Background and Purpose--The present study was performed to determine whether antisense inhibition of intercellular adhesion molecule-1 (ICAM-1) protein expression decreases focal ischemic brain damage.

Methods--Male spontaneously hypertensive rats underwent 1-hour middle cerebral artery occlusion (MCAO) and 24-hour reperfusion. Rats were infused with ICAM-1 antisense or control oligodeoxynucleotides (ODNs) (48 nmol/d ICV) or vehicle, starting 24 hours before MCAO and continuing until the time of death. ICAM-1 and vascular cell adhesion molecule-1 (VCAM-1) mRNA levels were measured by real-time polymerase chain reaction. ICAM-1 protein knockdown was confirmed by Western blotting. Infarct volume was quantified by the use of cresyl violet-stained brain sections. Neurological deficits were evaluated. Mean arterial blood pressure was recorded by laser Doppler. Tissue penetration of antisense was confirmed by the use of fluorescent ODNs.

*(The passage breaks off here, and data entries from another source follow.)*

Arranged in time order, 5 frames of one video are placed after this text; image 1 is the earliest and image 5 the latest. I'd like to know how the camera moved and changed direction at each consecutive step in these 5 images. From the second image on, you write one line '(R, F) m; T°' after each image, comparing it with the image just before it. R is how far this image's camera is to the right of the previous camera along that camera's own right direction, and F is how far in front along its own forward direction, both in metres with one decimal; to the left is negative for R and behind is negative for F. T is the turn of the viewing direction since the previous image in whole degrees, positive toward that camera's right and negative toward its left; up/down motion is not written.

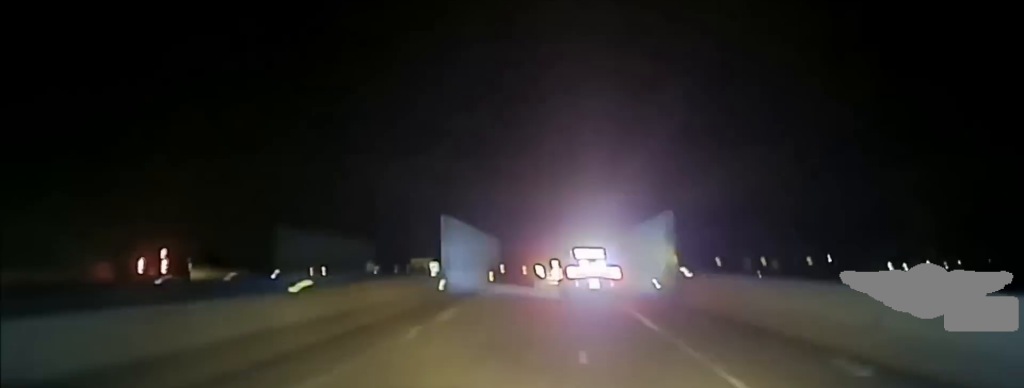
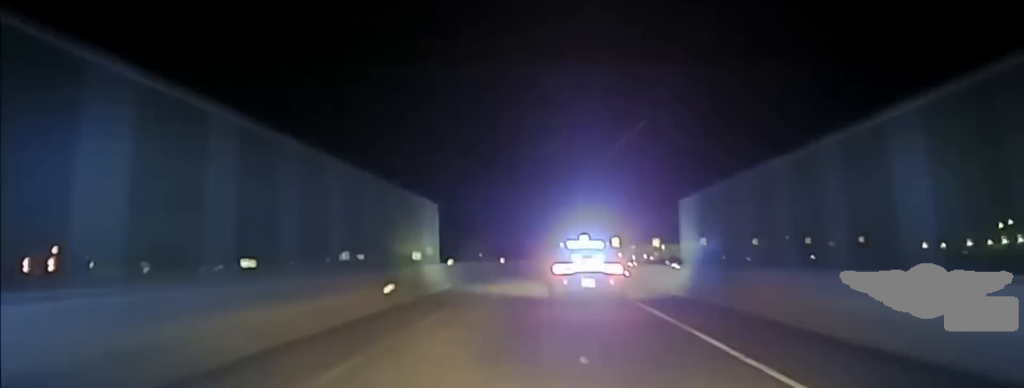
(+0.2, +27.6) m; +1°
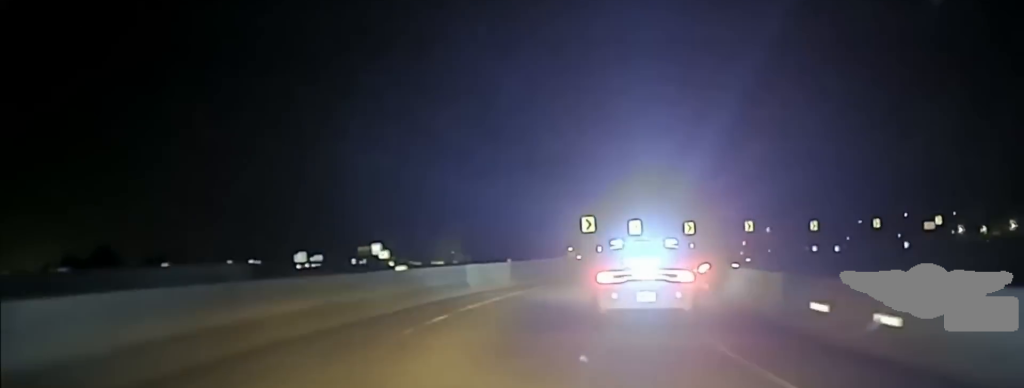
(+0.2, +34.2) m; +8°
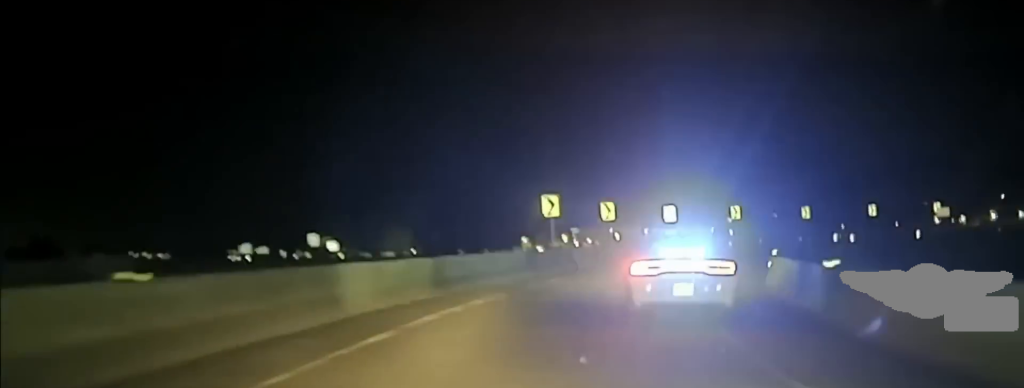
(+0.8, +12.3) m; +5°
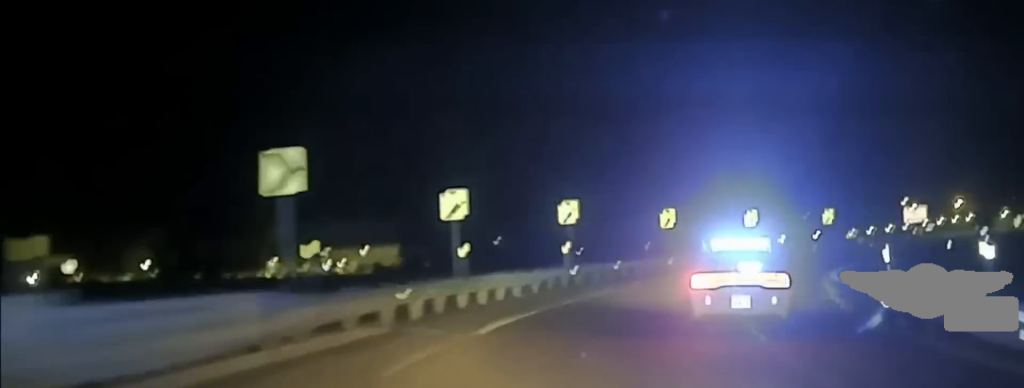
(+4.8, +34.5) m; +15°
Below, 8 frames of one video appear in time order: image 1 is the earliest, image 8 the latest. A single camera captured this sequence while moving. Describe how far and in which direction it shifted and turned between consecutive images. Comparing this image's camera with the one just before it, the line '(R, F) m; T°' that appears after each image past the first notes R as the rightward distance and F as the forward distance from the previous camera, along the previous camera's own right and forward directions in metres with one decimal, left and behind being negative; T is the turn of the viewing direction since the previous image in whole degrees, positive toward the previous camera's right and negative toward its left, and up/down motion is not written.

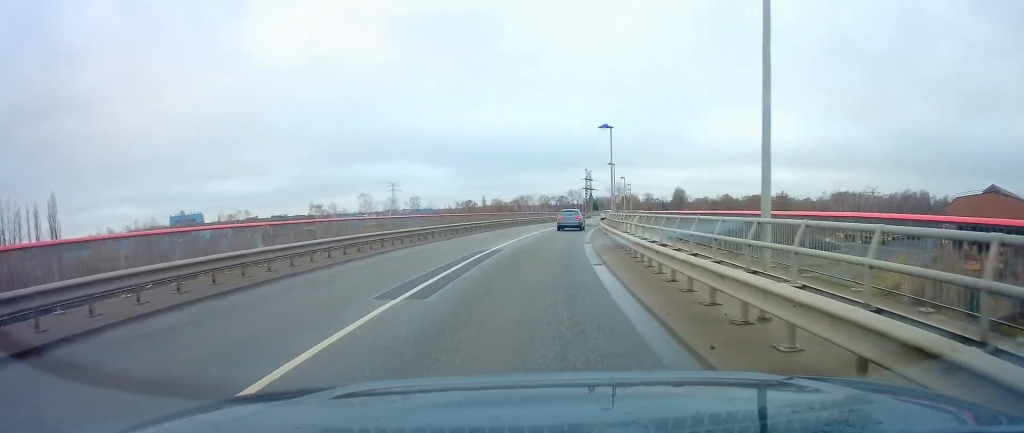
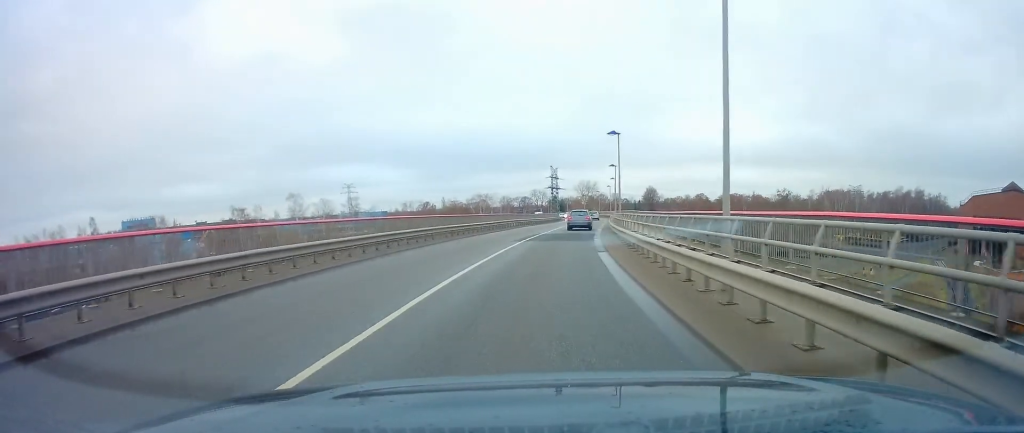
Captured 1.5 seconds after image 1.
(+1.3, +22.6) m; +6°
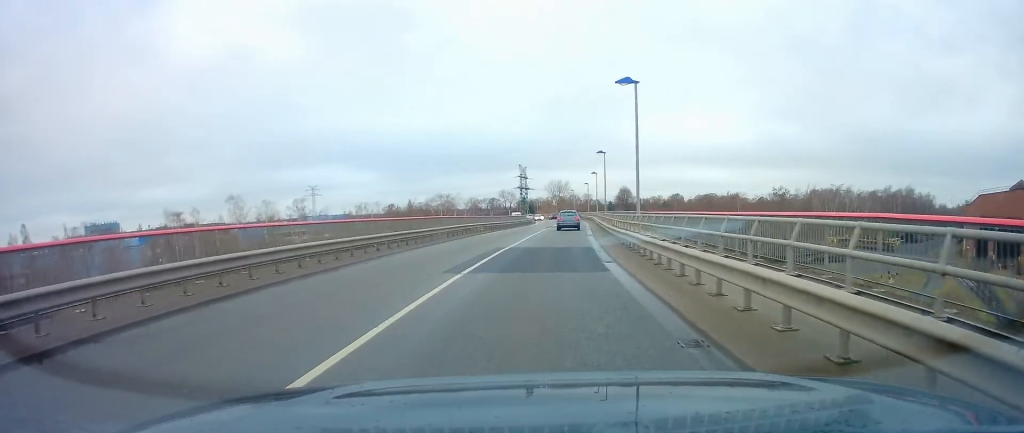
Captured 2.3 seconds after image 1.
(+0.3, +13.8) m; +2°
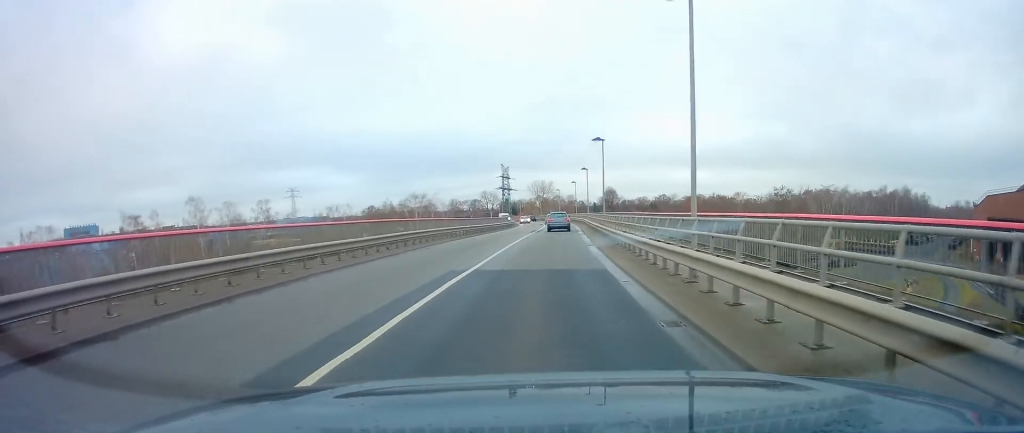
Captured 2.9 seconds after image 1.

Results--Transient MCAO upregulated ICAM-1, but not VCAM-1, mRNA expression in the ipsilateral cortex between 3 and 72 hours of reperfusion. ICAM-1 antisense infusion prevented ischemia-induced ICAM-1 protein expression and reduced total infarct volume (by 53%; P<0.05; 226±35 mm³ in control ODN group and 104±27 mm³ in antisense ODN group; n=8 each) and mean neurological deficit score (by 44%; P<0.05; 2.4 in control ODN group and 1.3 in antisense ODN group; n=8 each). Neither control nor antisense ODN had any effect on mean arterial blood pressure and the physiological parameters monitored during MCAO. Compared with noninfused control, intracerebroventricular infusion of artificial cerebrospinal fluid or antisense or sense ODN had no significant effect on the regional cerebral blood flow changes that accompanied ischemia and reperfusion.

Conclusions--Increased ICAM-1 expression is implicated in the pathogenesis of focal ischemia since ICAM-1 protein knockdown decreased ischemic brain damage. The mechanism by which ICAM-1 inhibition offers neuroprotection is independent of blood pressure modulation.